Un año de mujeres… al fin
Una coincidente voluntad de rescatar a artistas olvidadas devuelve su relato al centro del debate. Lo mágico del fenómeno es que su presencia se extiende poco a poco a museos clásicos como el Prado o el MNAC
La primavera de 2016 empezaba fuerte en el Museo del Banco de la República de Bogotá, cuando decidían exponer los retratos de las monjas coronadas muertas, más de 40 en su colección. Las monjas —rodeadas de flores, atributos de santidad para la tradición colonial de los siglos XVIII y principios del XIX, y que nos acercan a la vida de clausura femenina en la cual la muerte se convierte en el momento álgido de la existencia— eran espectaculares pero, sobre todo, se releían inesperadamente por algunas jóvenes góticas. Una de ellas, vestida de negro —las medias agujereadas y el pelo fucsia pálido—, aparecía en las redes sociales sujetando orgullosa el catálogo de la exposición. La sorprendente imagen obligaba a revisitar la propia idiosincrasia de la vida conventual como modelo de libertades alternativas para las mujeres en épocas pasadas. Si la obra de arte se transforma con el tiempo, si se carga de capas de relatos, ¿será acaso posible repensar genealogías alternativas para los femeninos, nuevas narraciones, historias restituidas?

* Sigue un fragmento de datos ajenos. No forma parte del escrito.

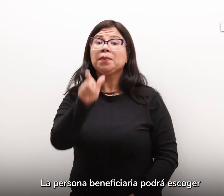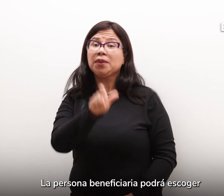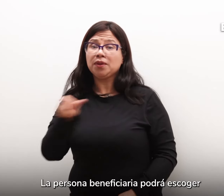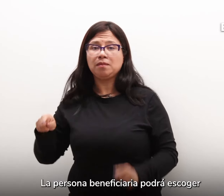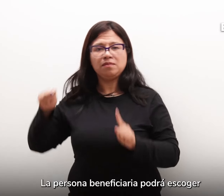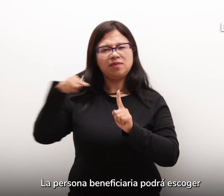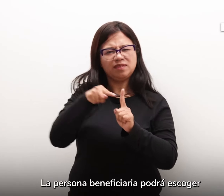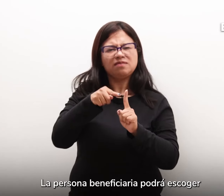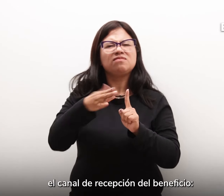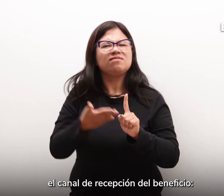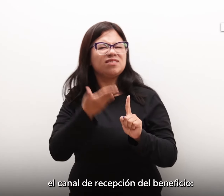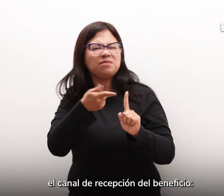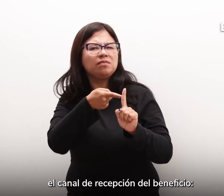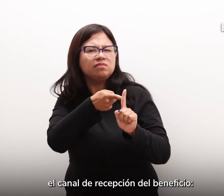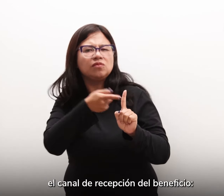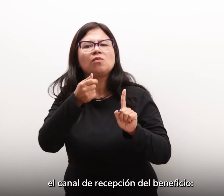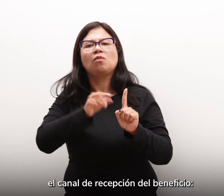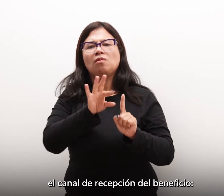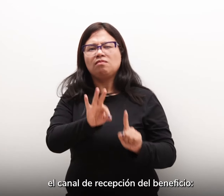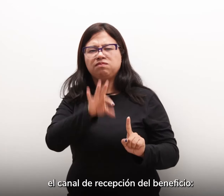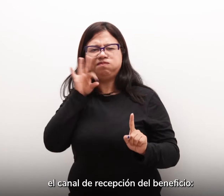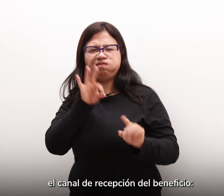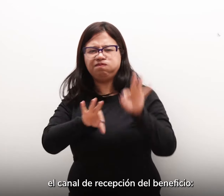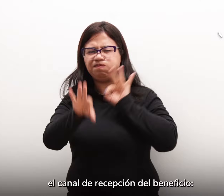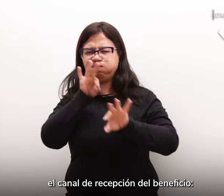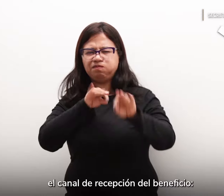podrá escoger el canal de recepción del beneficio. 6.
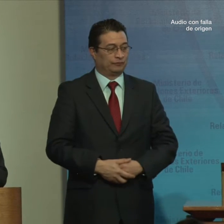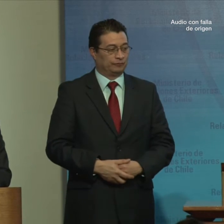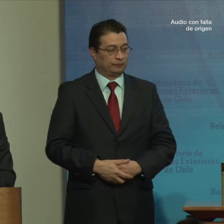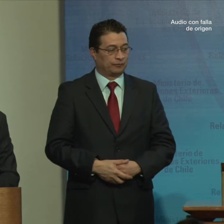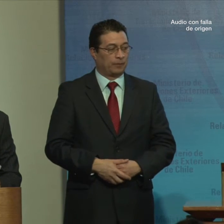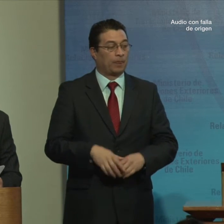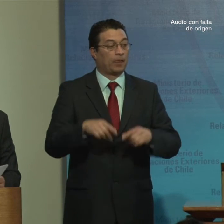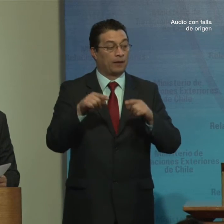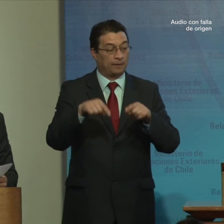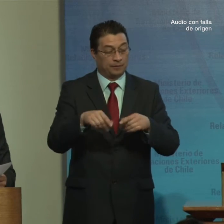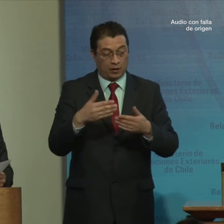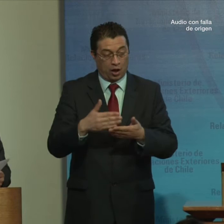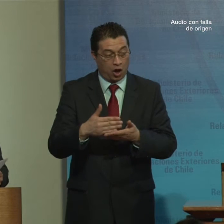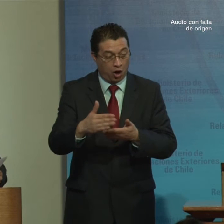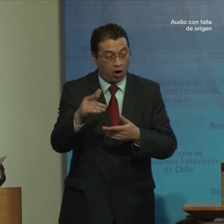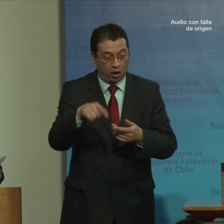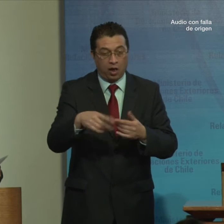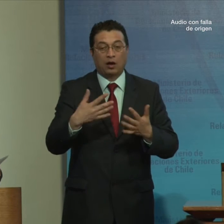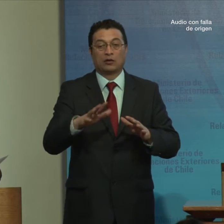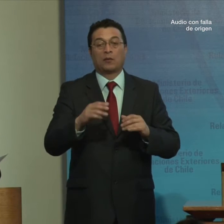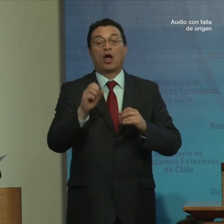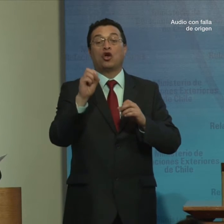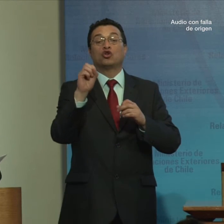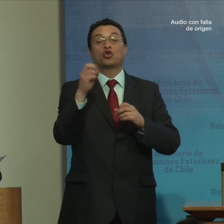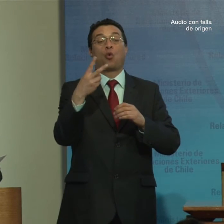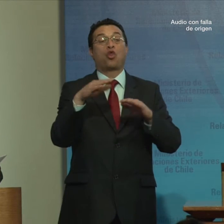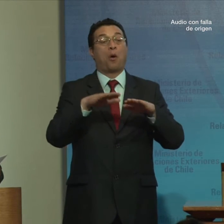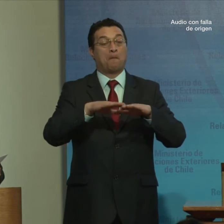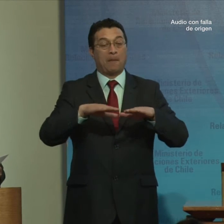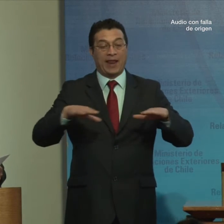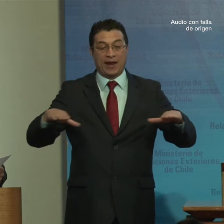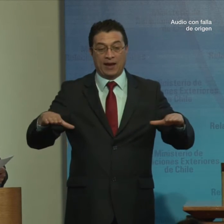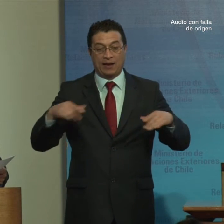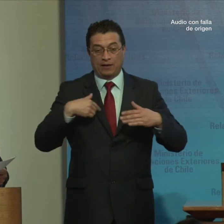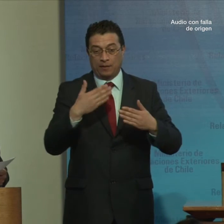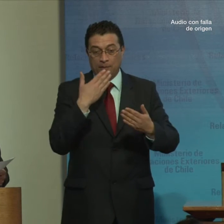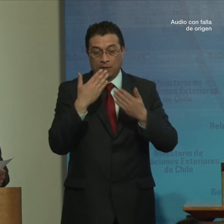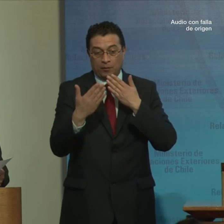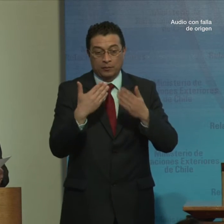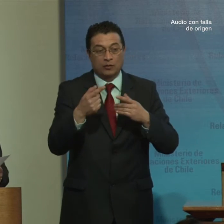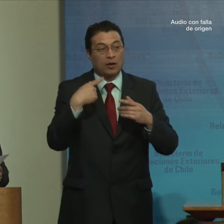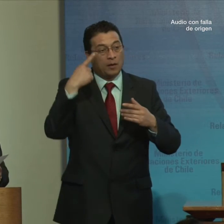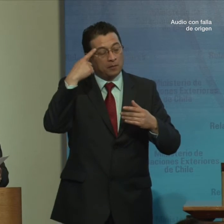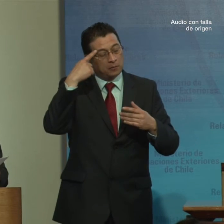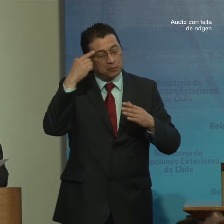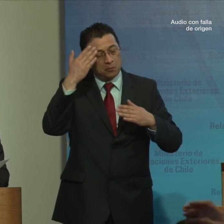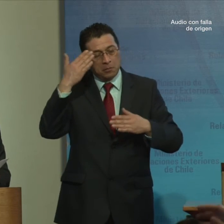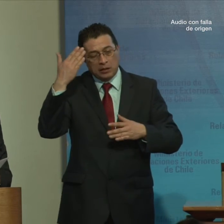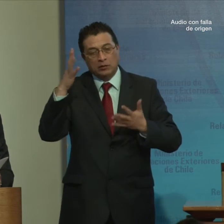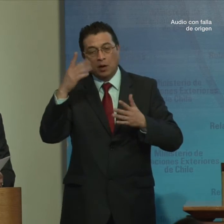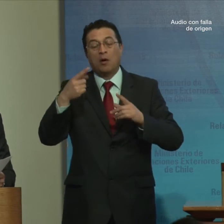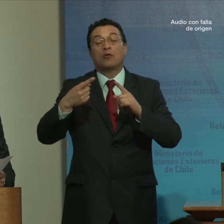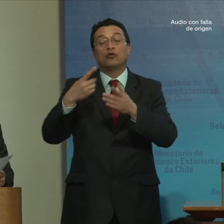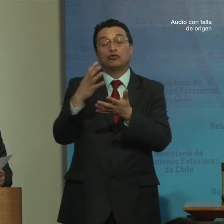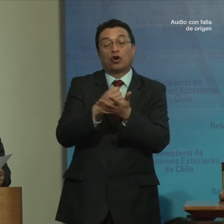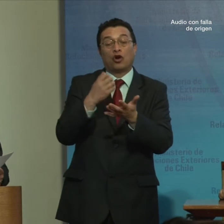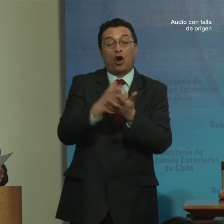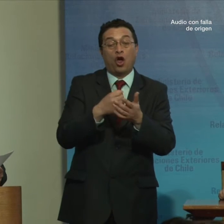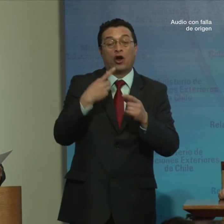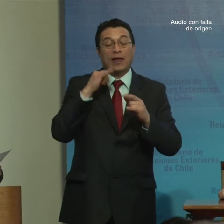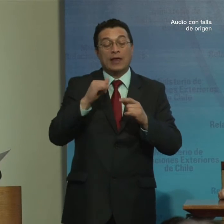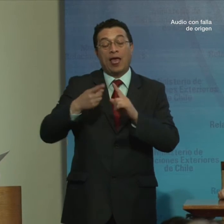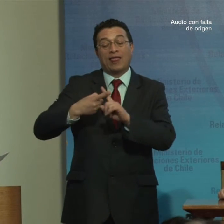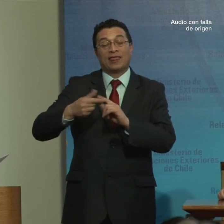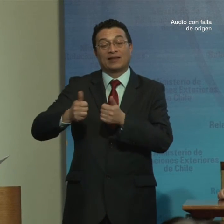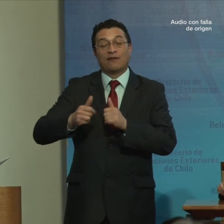A continuación es el momento de conformar el segundo panel Para reflexionar sobre los logros y desafíos de la Convención a nivel regional

Alrededor de estas preguntas se inscriben muchas de las sorpresas especialísimas que han ido apareciendo en tantas instituciones del Estado a lo largo del año. Así, por Alcalá 31 —la sala de exposiciones de la Comunidad de Madrid, cuya labor de revisión de artistas jóvenes o más consagrados del Estado está cubriendo un hueco a veces un tanto descuidado por otros centros— han pasado Marina Núñez o Carmen Calvo. Por su parte, el Marco de Vigo y el IVAM han presentado sendos proyectos de Cabello/Carceller, siendo el del museo valenciano —Lost in Transition— combativo y precioso, al tomar la escalera como punto de tránsito —físico y metafórico— para un paseo de diferentes personas de la comunidad trans en la ciudad.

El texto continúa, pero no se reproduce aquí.